Sonntag, 25. April 2004
Tagesanbruch in der Simpson Desert. Es ist noch lausig kalt, ca 7° Celsius. Totenstille ringsum. Die Tiere der Wüste machen keinen unnötigen Lärm. Alles hier ist Trockenheit und Staub. Das Klima greift die Haut an, macht sie rissig und spröde, wie das Land. Gegen 7.30 Uhr Sonnenaufgang,danach ein heißer Tee zum Aufwärmen. Ein Dingo ist über Nacht im Camp gewesen, seine Spuren verraten ihn. Mit der Hitze der Sonne kommen auch die Fliegen. Zum Glück weht ein kühler Südwind, der der Hitze entgegenwirkt.
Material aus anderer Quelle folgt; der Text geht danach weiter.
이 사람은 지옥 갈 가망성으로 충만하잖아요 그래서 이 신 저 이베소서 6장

Wir sind zuerst der Rig Road gefolgt und dann geradeaus auf der Waa-Line weitergefahren. Je weiter wir ins Zentrum der Wüste kommen, desto weicher und tiefer wird der Sand. Mit einer Durchschnittsgeschwindigkeit von 15 - 20 km je Stunde haben wir uns durch den Sand gewühlt, manchmal in bedenklicher Schräglage, jeden Tag mehrere Stunden lang. Übernachtet haben wir am Track, irgendwo zwischen zwei Dünen. Der Sand hier kommt in allen Farbschattierungen zwischen rot und fleischfarben-rosa vor und ändert seine Farbe je nach Sonnenstand. Wir haben immer früh genug unser Camp aufgeschlagen, um noch ausgiebige Spaziergänge durch die Wüste im Abendlicht machen zu können. Dann leuchtet der Sand.

Camp near the "Knolls"

Seit gestern campen wir am trockenen Lake Tamblyn nahe den "Approdinna Attora Knolls", kleinen Gipshügeln, geformt aus Ablagerungen eines ehemaligen Sees und umgeben von dichtem Gidgee-Gebüsch, das auch lange Trockenperioden überdauern kann. Nur sehr langsam wachsen die Büsche zu knorrigen Bäumen heran.

 

 

Dienstag, 27. April 2004
Von den Knolls, weiter über die French Line bis zur Poeppel Corner, wo South Australia, Northern Territory und Queensland aufeinandertreffen, haben wir uns durch den Wüstensand gewühlt. Insgesamt sind uns in den vergangenen sechs Tagen drei Einzelfahrzeuge und eine 'party' mit vier und eine mit drei Autos begegnet.

on the track

Je weiter wir nach Osten kommen, desto "freundlicher" wirkt die Wüste. Im Westen herrschte trockener Spinifex vor, seit den "Knolls" finden wir immer mehr Cane Gras, manchmal sogar kleine blühende Büsche und Gidgee Sträucher, in denen sogar kleine Vögel zwitschern.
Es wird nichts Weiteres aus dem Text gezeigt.